In the present work, adsorption of Cr6+ on as-synthesized AEC adsorbent was conducted under batch operation and process variables which include initial Cr6+ concentration, C, contact time, t, and adsorbent dosage, d, were varied using the CCD. Table 1 presents five level-three factor CCD for the Cr6+ removal from aqueous solution by AEC via batch mode adsorption.

Table 1 Studied range of each variable in actual and coded form

The main objective is to determine optimum values of process parameters that would provide maximum Cr6+ removal efficiency. However, the response was determined via adsorption process and also used to develop a mathematical model, which correlate the removal efficiency, R (%) to those three independent variables considered through first order, second order and interaction terms, according to the Eq. 1.
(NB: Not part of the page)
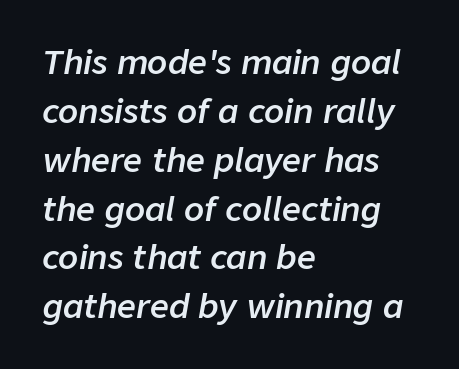
The image shows 33 px semibold type, italic (leaning right); set left-aligned, normal line spacing (1.48x), normal letter spacing, not underlined; low stroke contrast and a medium x-height.

$$ R={a}_0+{a}_1C+{a}_2t+{a}_3d+{a}_{12} Ct+{a}_{13} Cd+{a}_{23} td+{a}_{11}{C}^2+{a}_{22}{t}^2+{a}_{33}{d}^2 $$
(1)

where R is the response variable of Cr6+ removal efficiency. The ais are regression coefficients for linear effects; aik the regression coefficients for quadratic effects and C, t and d represent coded experimental level of the variables.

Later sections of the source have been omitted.